== How to complete this task ==
Exclude images; transcribe the rest of the data exactly.

== Records for this task ==
::::::
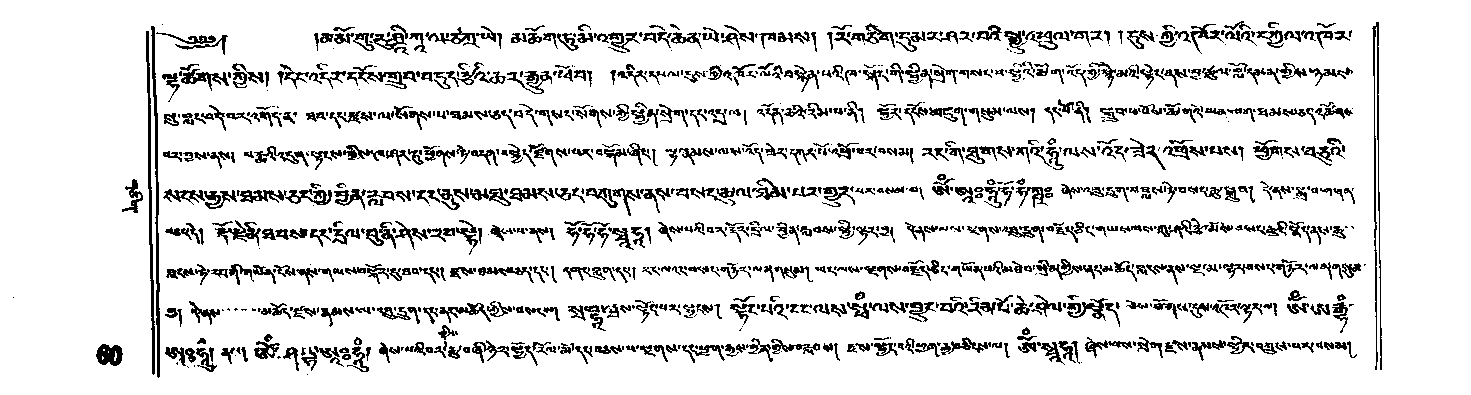༄༅༅། །ན་མོ་གུ་རུ་ཤྲཱི་ཀཱ་ལ་ཙཀྲ་ཡེ། མཆོག་ཏུ་མི་འགྱུར་བདེ་ཆེན་ཡེ་ཤེས་ཁམས། །རོ་གཅིག་དུ་མར་ཤར་བའི་སྒྱུ་འཕྲུལ་གར། །དུས་ཀྱི་འཁོར་ལོའི་དཀྱིལ་འཁོར་
ལྷ་ཚོགས་ཀྱིས། །དེང་འདིར་དངོས་གྲུབ་བདུད་རྩིའི་ཆར་རྒྱུན་ཕོབ། །འདིར་དཔལ་དུས་ཀྱི་འཁོར་ལོའི་བསྙེན་པའི་ཁ་སྐོང་གི་སྦྱིན་སྲེག་གསང་བ་སྤྱིའི་ཆོ་ག་འོད་ཀྱི་སྙེ་མའི་སྟེང་ནས་བྱ་ཚུལ་བློ་དམན་གྱིས་ཉམས་
སུ་བླང་བདེ་བར་འགོད་ན་ཐབ་དང་རྫས་ལ་སོགས་པ་ཐམས་ཅད་བདེ་གསང་སོགས་ཀྱི་སྦྱིན་སྲེག་དང་འདྲ་ལ། འདོན་ཆའི་རིམ་པ་ནི། སྦྱོར་དངོས་མཇུག་གསུམ་ལས། དང་བོ་ནི། སྒྲུབ་པ་པོས་ཆོ་གའི་ཡན་ལག་ཐམས་ཅད་འཚོགས་
པར་བྱས་ནས། པདམའི་འདུག་སྟངས་ཀྱིས་ཁ་ཤར་དུ་ཕྱོགས་ཏེ་བདག་བསྐྱེད་རྫོགས་པར་བསྒོམ་ཞིང་། ལྷ་རྣམས་ལས་འོད་ཟེར་དཀར་པོ་འཕྲོ་བར་བསམ། རང་གི་ཐུགས་ཀའི་ཧཱུཾ་ལས་འོད་ཟེར་འཕྲོས་པས། ཕྱོགས་བཅུའི་
སངས་རྒྱས་ཐམས་ཅད་ཀྱི་བྱིན་རླབས་དང་ནུས་མཐུ་ཐམས་ཅད་བཀུགས་ནས་བསང་ཆུ་ལ་ཐིམ་པར་གྱུར་པར་བསམ་ལ།  ཨོཾ་ཨཱཿ ཧཱུཾ་ཧོ་ཧཾ་ཀྵཿ ཞེས་འབྲུ་དྲུག་བཟླས་ཏེ་བསང་ཆུ་སྒྲུབ། དེ་ནས་སྨྲ་བ་གཞན་
བཅས་དེ། རྡོ་རྗེ་ནི་ཐབས་དང་དྲིལ་བུ་ནི་ཤེས་རབ་སྟེ། ཞེས་པ་ནས།  ཧོ་ཧོ་ཧོ་སྭཱཧཱ། ཞེས་པའི་བར་རྡོར་དྲི་ལ་བྱིན་རླབས་སྦྱི་ལྟར་བྱ། དེ?་ནས་ལས་སྔགས་འབྲུ་དྲུག་བརྗོད་ཅིང་གཡས་?ལས་ཀུ་ཤའི་རྩེ་མོས་བསང་ཆུའི་སྣོད་ནས་ཆུ་
བླངས་ཏེ་རབ་གི་གཡོན་ངོས་ནས་གཡས་བསྐོར་དུ་ཐབ་དང་། རྫས་ཐམས་ཅད་དང་། དགང་བླུག་དང་། རང་ལའང་བསང་གཏོར་ལན་གསུམ། ཡང་ལས་སྔགས་བརྗོད་ཅིང་གཡོན་པའི་མཐེབ་སྲིན་གྱིས་ནང་མཆོད་བླངས་ནས་སྔ་མ་ལྟར་བསང་གཏོར་ལན་གསུམ་
བྱ། དེ་ནས་?་མཆོད་རྫས་རྣམས་ལ་འབྲུ་དྲུག་དང་ནང་མཆོད་ཀྱིས་བསངས། སྭ་བྷཱ་ཝས་སྟོང་པར་སྦྱངས།  སྟོང་པའི་ངང་ལས་སྥཾ་ལས་བྱུང་བའི་རིམ་པོ་ཆེ་ཤེལ་གྱི་སྣོད་ཅེས་སོགས་དུས་འཁོར་ལྟར་ལ།  ཨོཾ་ཨརྒྷཾ་
ཨཱཿ ཧཱུཾ། ནས།  ཨོཾ་ཤཔྟ་ཨཱཿ ཧཱུཾ། ཞེས་པའི་བར་གྱིས་?རྫུ་བཞི་ཉེར་སྤྱོད་རོལ་མོ་དང་བཅས་པ་སྔགས་དང་ཕྱག་རྒྱས་བྱིན་གྱིས་བརླབས། རྫ་ས་སྦྱོད་བའི་ཕྱག་རྒྱ་བཅིངས་ལ།  ཨོཾ་སྭཱཧཱ། ཞེས་པས་སྲེག་རྫས་རྣམས་སྤྱིར་བཀྲུས་བར་བསམ།
::::::
== The answer ==
༄༅༅། །ན་མོ་གུ་རུ་ཤྲཱི་ཀཱ་ལ་ཙཀྲ་ཡེ། མཆོག་ཏུ་མི་འགྱུར་བདེ་ཆེན་ཡེ་ཤེས་ཁམས། །རོ་གཅིག་དུ་མར་ཤར་བའི་སྒྱུ་འཕྲུལ་གར། །དུས་ཀྱི་འཁོར་ལོའི་དཀྱིལ་འཁོར་
ལྷ་ཚོགས་ཀྱིས། །དེང་འདིར་དངོས་གྲུབ་བདུད་རྩིའི་ཆར་རྒྱུན་ཕོབ། །འདིར་དཔལ་དུས་ཀྱི་འཁོར་ལོའི་བསྙེན་པའི་ཁ་སྐོང་གི་སྦྱིན་སྲེག་གསང་བ་སྤྱིའི་ཆོ་ག་འོད་ཀྱི་སྙེ་མའི་སྟེང་ནས་བྱ་ཚུལ་བློ་དམན་གྱིས་ཉམས་
སུ་བླང་བདེ་བར་འགོད་ན་ཐབ་དང་རྫས་ལ་སོགས་པ་ཐམས་ཅད་བདེ་གསང་སོགས་ཀྱི་སྦྱིན་སྲེག་དང་འདྲ་ལ། འདོན་ཆའི་རིམ་པ་ནི། སྦྱོར་དངོས་མཇུག་གསུམ་ལས། དང་བོ་ནི། སྒྲུབ་པ་པོས་ཆོ་གའི་ཡན་ལག་ཐམས་ཅད་འཚོགས་
པར་བྱས་ནས། པདམའི་འདུག་སྟངས་ཀྱིས་ཁ་ཤར་དུ་ཕྱོགས་ཏེ་བདག་བསྐྱེད་རྫོགས་པར་བསྒོམ་ཞིང་། ལྷ་རྣམས་ལས་འོད་ཟེར་དཀར་པོ་འཕྲོ་བར་བསམ། རང་གི་ཐུགས་ཀའི་ཧཱུཾ་ལས་འོད་ཟེར་འཕྲོས་པས། ཕྱོགས་བཅུའི་
སངས་རྒྱས་ཐམས་ཅད་ཀྱི་བྱིན་རླབས་དང་ནུས་མཐུ་ཐམས་ཅད་བཀུགས་ནས་བསང་ཆུ་ལ་ཐིམ་པར་གྱུར་པར་བསམ་ལ།  ཨོཾ་ཨཱཿ ཧཱུཾ་ཧོ་ཧཾ་ཀྵཿ ཞེས་འབྲུ་དྲུག་བཟླས་ཏེ་བསང་ཆུ་སྒྲུབ། དེ་ནས་སྨྲ་བ་གཞན་
བཅས་དེ། རྡོ་རྗེ་ནི་ཐབས་དང་དྲིལ་བུ་ནི་ཤེས་རབ་སྟེ། ཞེས་པ་ནས།  ཧོ་ཧོ་ཧོ་སྭཱཧཱ། ཞེས་པའི་བར་རྡོར་དྲི་ལ་བྱིན་རླབས་སྦྱི་ལྟར་བྱ། དེ?་ནས་ལས་སྔགས་འབྲུ་དྲུག་བརྗོད་ཅིང་གཡས་?ལས་ཀུ་ཤའི་རྩེ་མོས་བསང་ཆུའི་སྣོད་ནས་ཆུ་
བླངས་ཏེ་རབ་གི་གཡོན་ངོས་ནས་གཡས་བསྐོར་དུ་ཐབ་དང་། རྫས་ཐམས་ཅད་དང་། དགང་བླུག་དང་། རང་ལའང་བསང་གཏོར་ལན་གསུམ། ཡང་ལས་སྔགས་བརྗོད་ཅིང་གཡོན་པའི་མཐེབ་སྲིན་གྱིས་ནང་མཆོད་བླངས་ནས་སྔ་མ་ལྟར་བསང་གཏོར་ལན་གསུམ་
བྱ། དེ་ནས་?་མཆོད་རྫས་རྣམས་ལ་འབྲུ་དྲུག་དང་ནང་མཆོད་ཀྱིས་བསངས། སྭ་བྷཱ་ཝས་སྟོང་པར་སྦྱངས།  སྟོང་པའི་ངང་ལས་སྥཾ་ལས་བྱུང་བའི་རིམ་པོ་ཆེ་ཤེལ་གྱི་སྣོད་ཅེས་སོགས་དུས་འཁོར་ལྟར་ལ།  ཨོཾ་ཨརྒྷཾ་
ཨཱཿ ཧཱུཾ། ནས།  ཨོཾ་ཤཔྟ་ཨཱཿ ཧཱུཾ། ཞེས་པའི་བར་གྱིས་?རྫུ་བཞི་ཉེར་སྤྱོད་རོལ་མོ་དང་བཅས་པ་སྔགས་དང་ཕྱག་རྒྱས་བྱིན་གྱིས་བརླབས། རྫ་ས་སྦྱོད་བའི་ཕྱག་རྒྱ་བཅིངས་ལ།  ཨོཾ་སྭཱཧཱ། ཞེས་པས་སྲེག་རྫས་རྣམས་སྤྱིར་བཀྲུས་བར་བསམ།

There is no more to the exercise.